As an Amazon Associate I earn from qualifying purchases from

Q&A on the MITRE D3FEND Framework

Everybody within the safety group is conversant in the ATT&CK framework developed by MITRE. ATT&CK, which stands for Adversary, Techniques, Strategies, and Widespread Data, is a complete information base of adversary behaviors utilized by menace actors throughout the menace lifecycle.
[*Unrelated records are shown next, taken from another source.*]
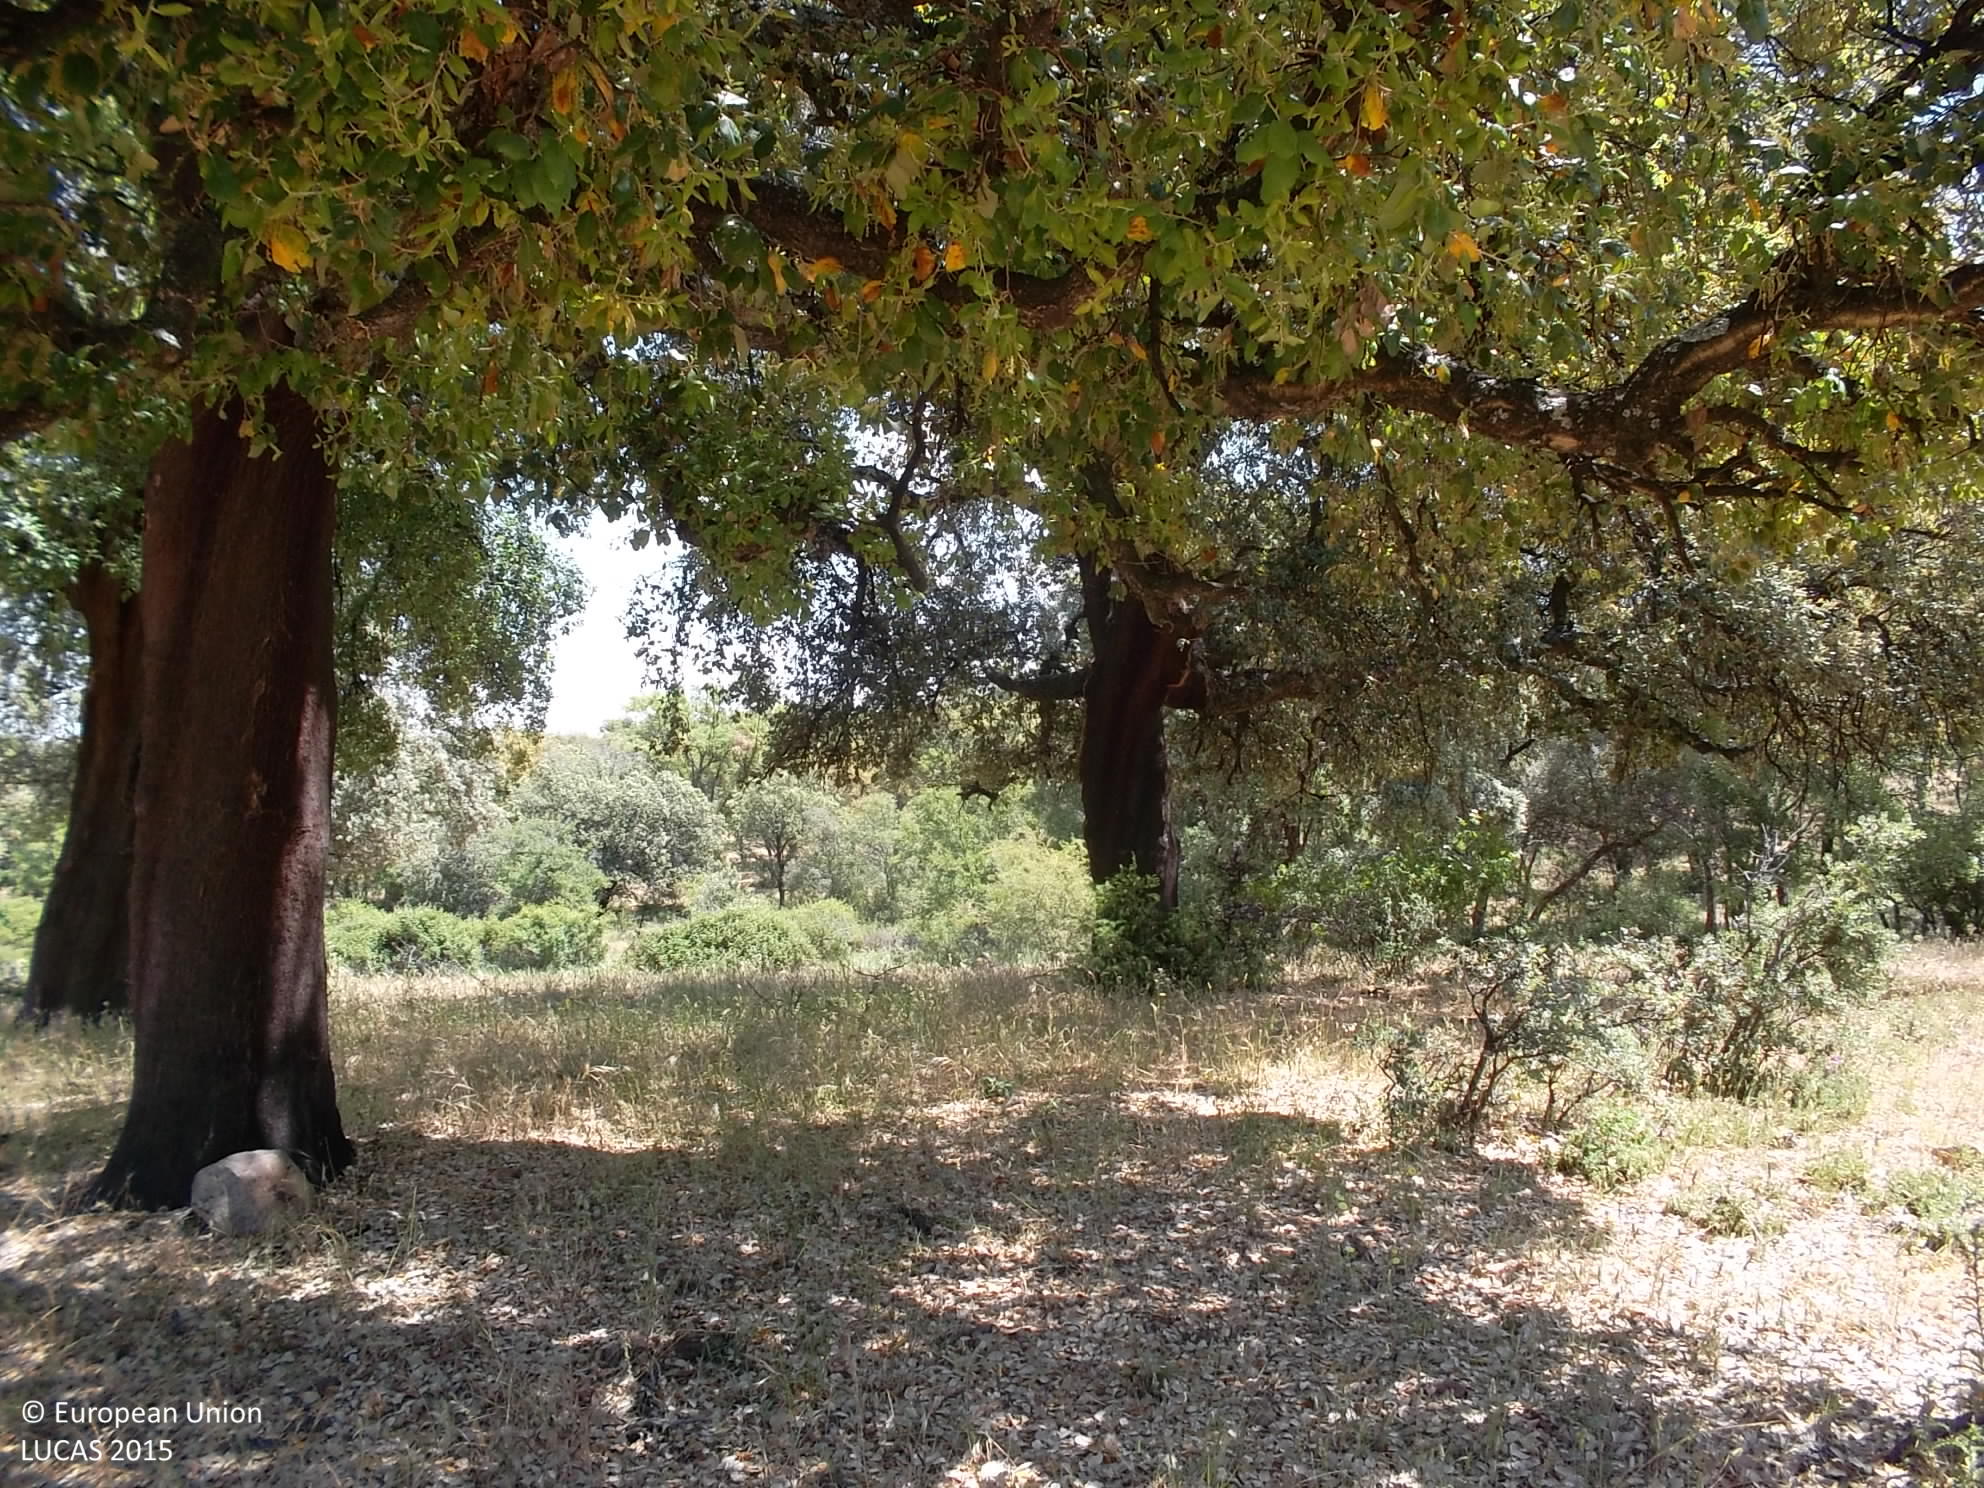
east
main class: Woodland
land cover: Broadleaved woodland
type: broadleaved evergreen forest
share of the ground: 25 - 50 %
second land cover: Spontaneously vegetated surfaces
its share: > 75 %
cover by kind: herbaceous plants 60 %, broadleaved forest trees 40 %
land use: Forestry
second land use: Agriculture (excluding fallow land and kitchen gardens)
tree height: > 5 m
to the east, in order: Tracks; Broadleaved woodland; Rivers and streams; Broadleaved woodland; Grassland with sparse tree/shrub cover
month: May
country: ES
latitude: 38.5422
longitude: -4.3723

Whereas ATT&CK takes on the angle of the adversary, there was no documented set of defensive countermeasures, till now. 

On this weblog submit, I speak to Pete Kaloroumakis from MITRE, who has developed the D3FEND framework.


Q: We’ve identified one another for a number of years. Inform us a bit about your background.
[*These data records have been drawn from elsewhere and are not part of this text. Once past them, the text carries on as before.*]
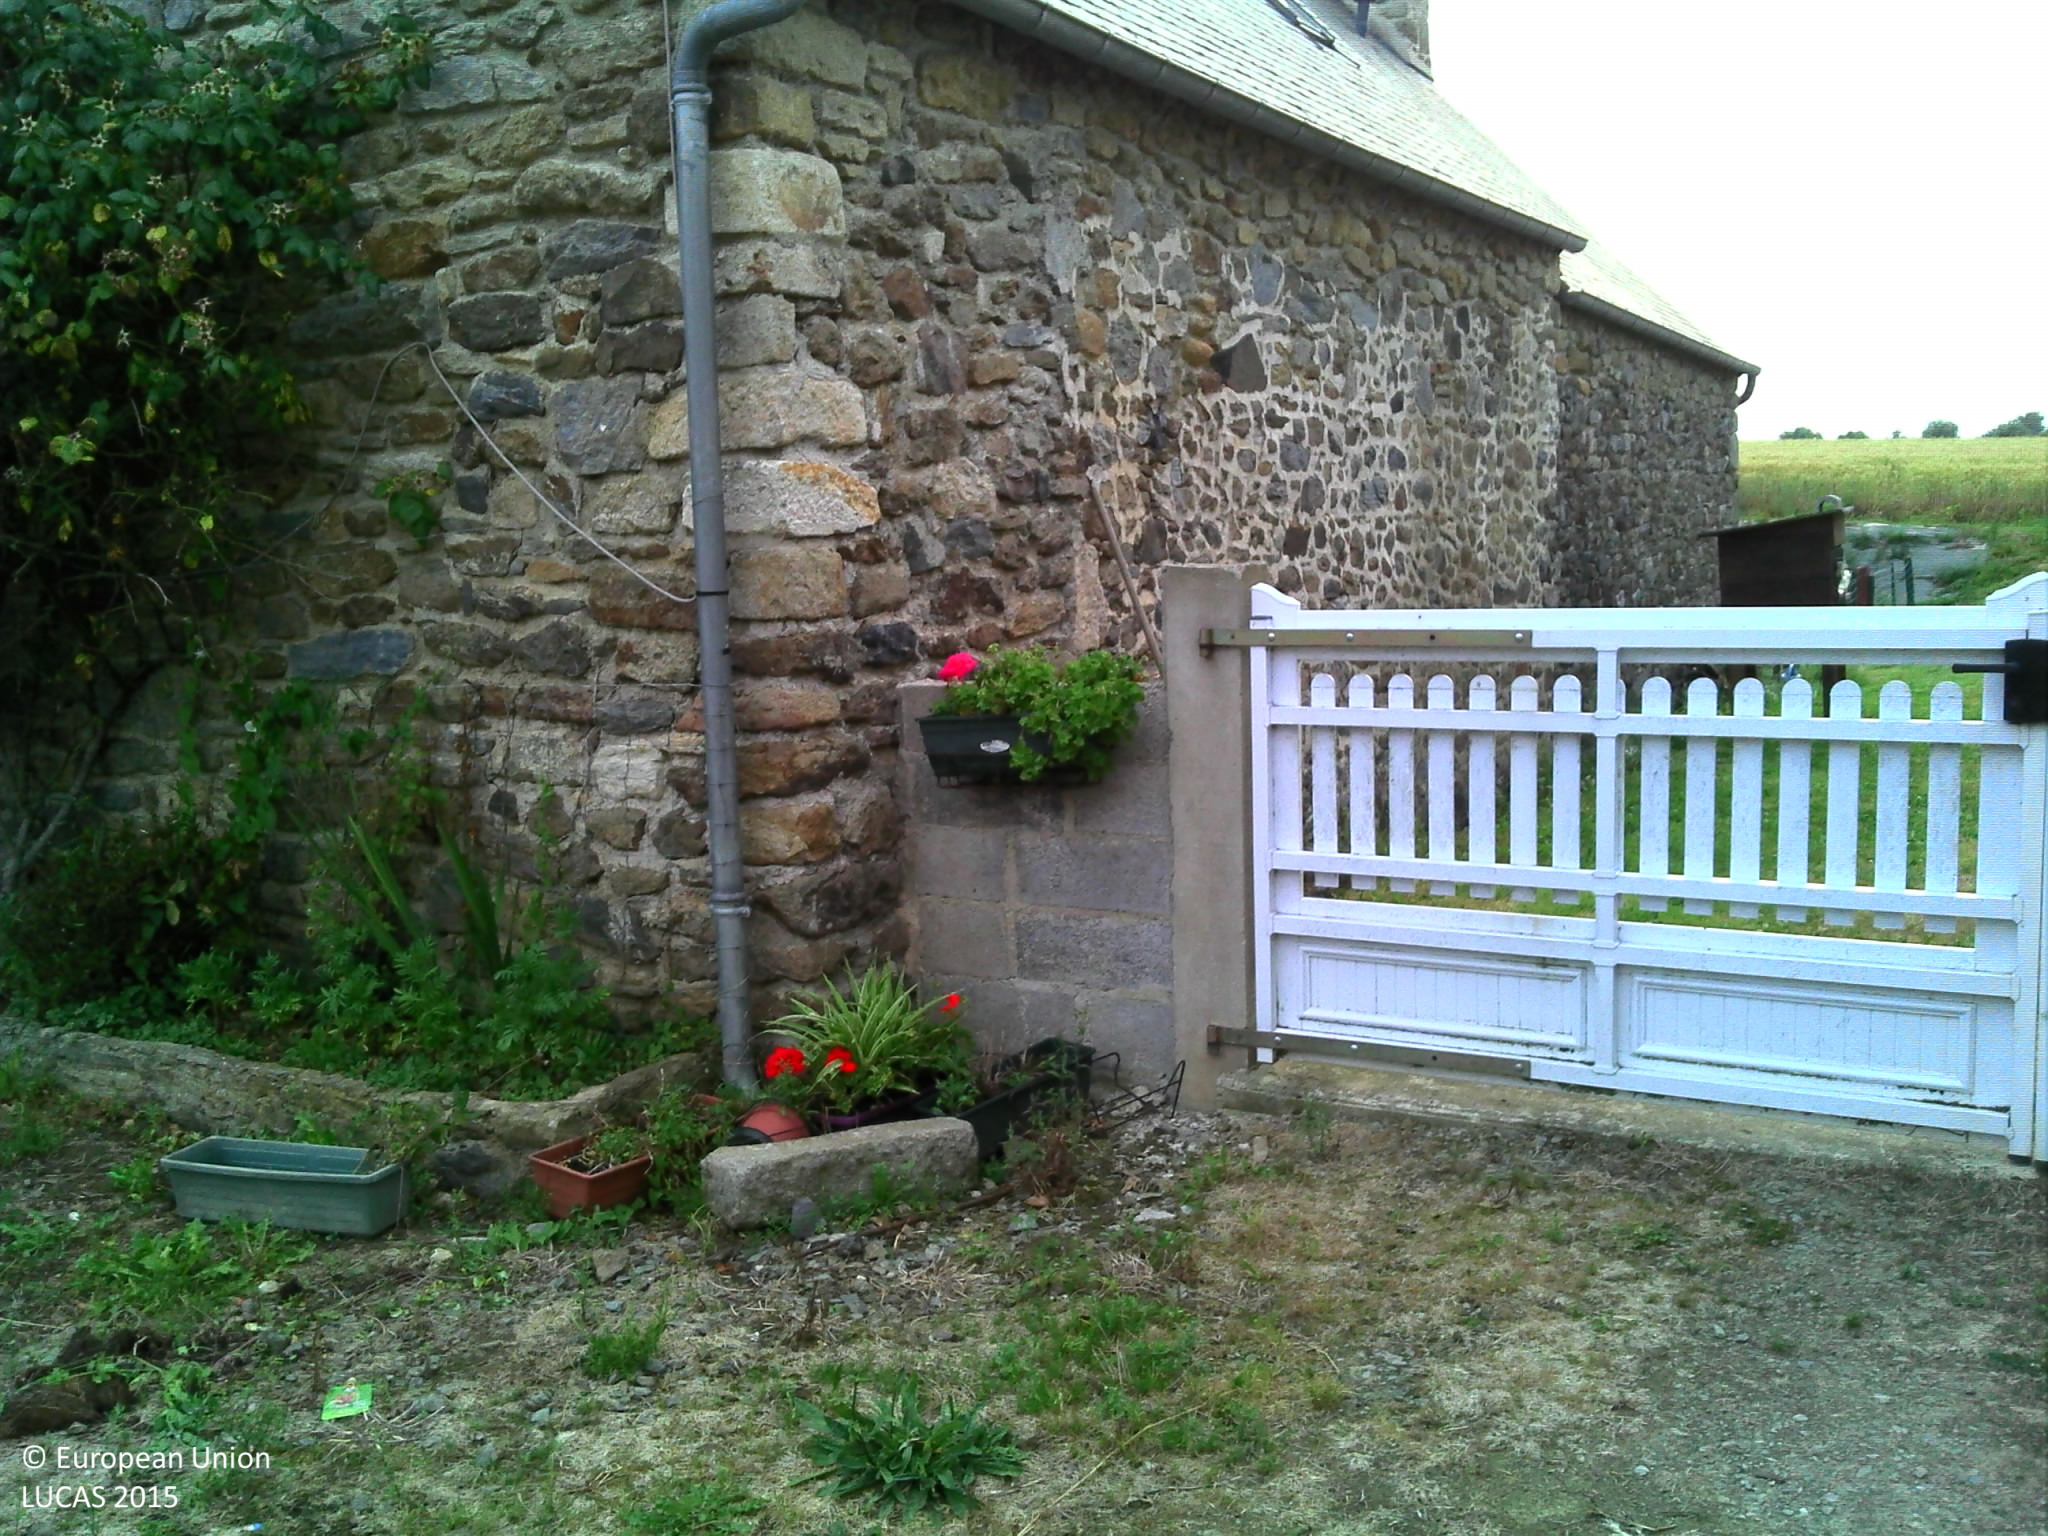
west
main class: Grassland
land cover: Grassland without tree/shrub cover
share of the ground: > 75 %
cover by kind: herbaceous plants 85 %, unconsolidated bare surface 15 %
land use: Residential
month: July
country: FR
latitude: 48.5459
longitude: -2.1805

Pete Kaloroumakis: I began with expertise once I enlisted in the USA Air Drive. After that I joined Northrop Grumman as a community engineer engaged on large-scale laptop community emulation. I received into and fell in love with analysis and improvement. I might write for hours about that course of, however the web outcome was that I began to construct issues. The primary was a business cybersecurity firm which did malware detection on high-speed networks. I labored on that for six years. Then I got here to MITRE the place my largest focus has been constructing the MITRE D3FEND information graph.

Q: So, MITRE got here up with the ATT&CK framework again in 2013 and each pink groups and blue groups have been utilizing it to categorise assaults and even go as far as to determine the best way to defend towards them. So, how did the concept for D3FEND come alongside?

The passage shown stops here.